The results of the survey show that none of the hospitals surveyed in the seven cities had sufficient emergency care capacity to respond to an attack generating the number of casualties that occurred in Madrid. The Level I trauma centers surveyed had no room in their emergency rooms to treat a sudden influx of victims. They had virtually no free intensive care unit beds within their hospital complex. And they did not have enough regular inpatient beds to handle the less severely injured victims. The shortage of capacity was particularly acute in Los Angeles and Washington, D.C.

What this means is that hospital emergency rooms often aren’t equipped to properly handle the day-to-day needs of their communities, much less the burdens of a natural disaster or a terrorist attack.

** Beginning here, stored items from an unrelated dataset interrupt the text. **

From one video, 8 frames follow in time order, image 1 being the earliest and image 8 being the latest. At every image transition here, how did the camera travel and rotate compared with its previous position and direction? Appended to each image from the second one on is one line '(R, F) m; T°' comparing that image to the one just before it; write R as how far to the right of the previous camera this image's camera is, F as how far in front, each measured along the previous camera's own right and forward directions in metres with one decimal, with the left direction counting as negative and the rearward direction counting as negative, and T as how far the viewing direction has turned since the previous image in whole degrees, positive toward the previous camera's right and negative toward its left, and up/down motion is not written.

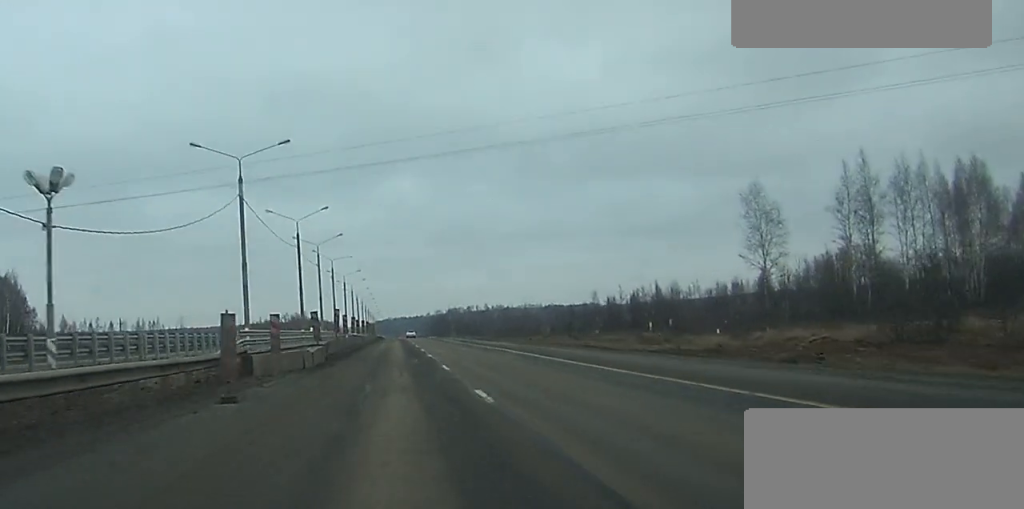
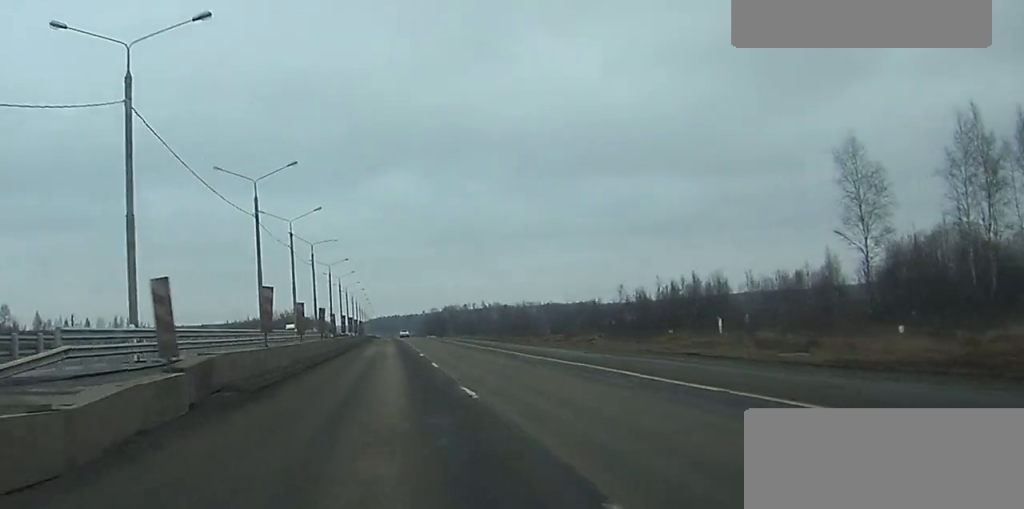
(-0.9, +24.9) m; -1°
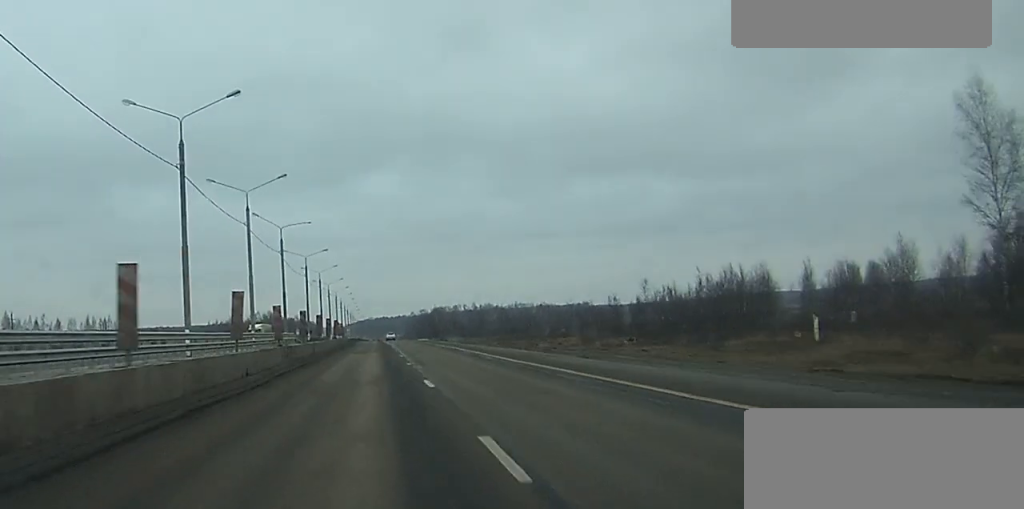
(+0.4, +22.1) m; +1°
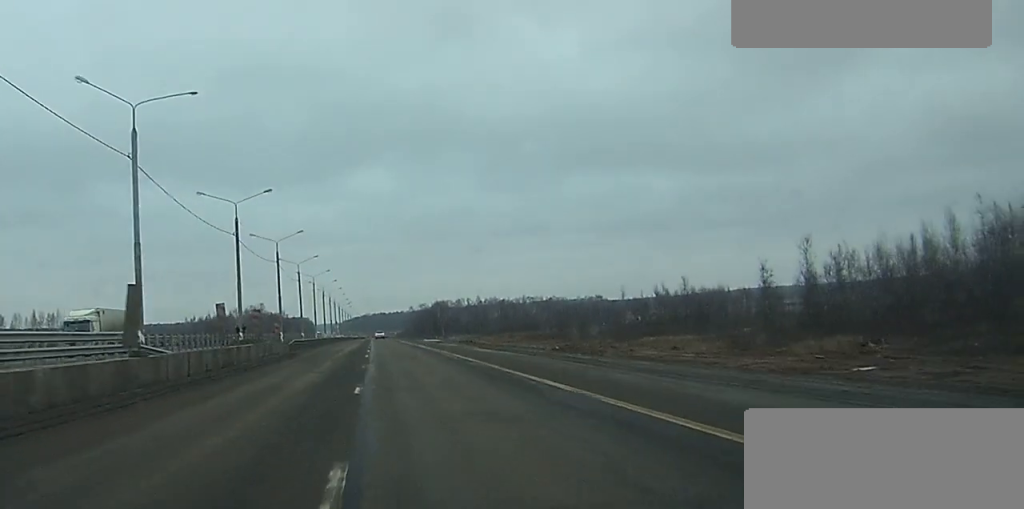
(+0.7, +53.4) m; +1°
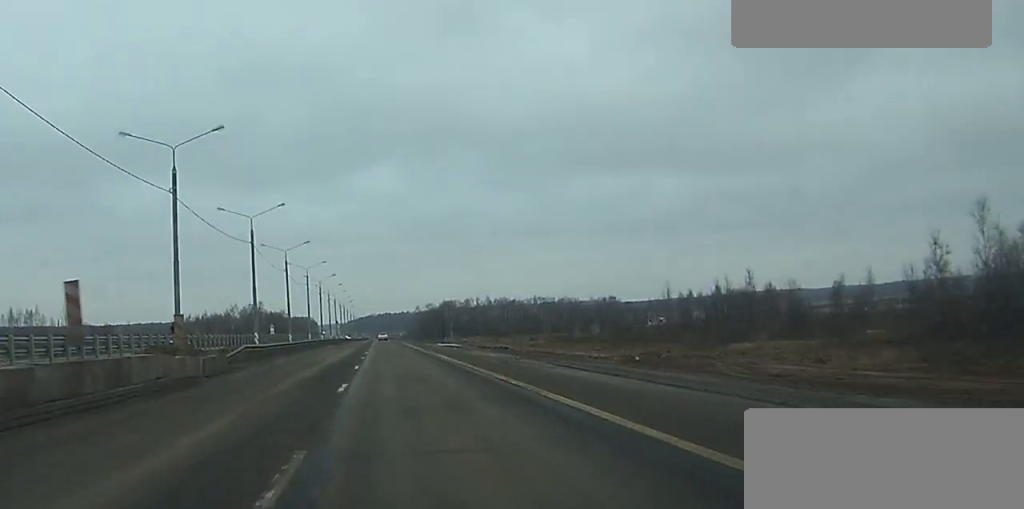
(-0.1, +23.3) m; 0°
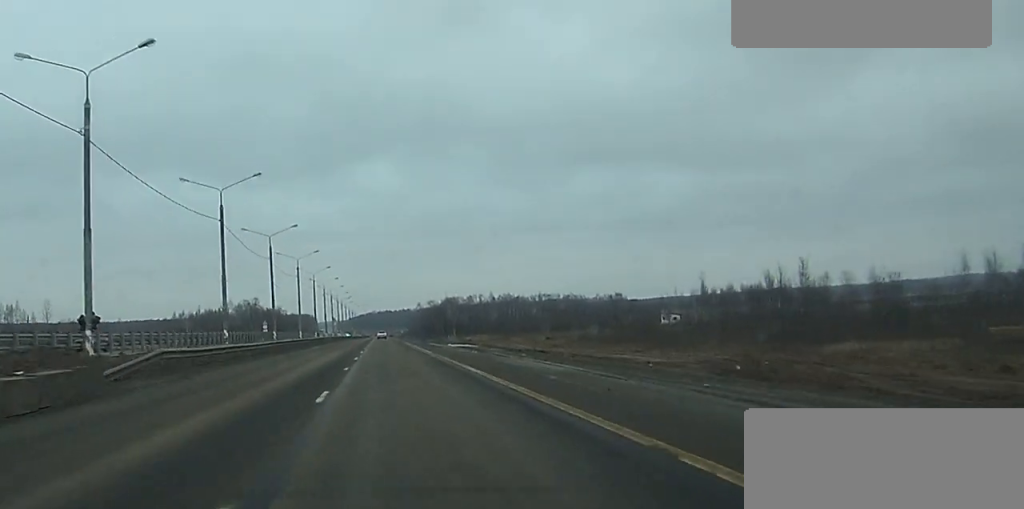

And while the hearing did not explore this in detail, this problem is compounded in communities where a large percentage of the patients are low-income and uninsured.

The committee released the report to highlight the damage that could be caused by Bush administration changes in Medicaid reimbursements, a significant share of hospital income. These hospitals are already pinched by reimbursement rates from both government and private insurers that do not fully compensate them for the cost of care, as well as by the millions of uninsured and underinsured patients that use the hospital facilities as a primary care facility because they do not have a doctor.

This is a complicated problem, but it is one that has been made worse, not better, under the conservative regime of the past seven years. We need progressive health care experts to add to the debate the best ideas for fixing our health care infrastructure as well as guaranteeing access to that system to everyone.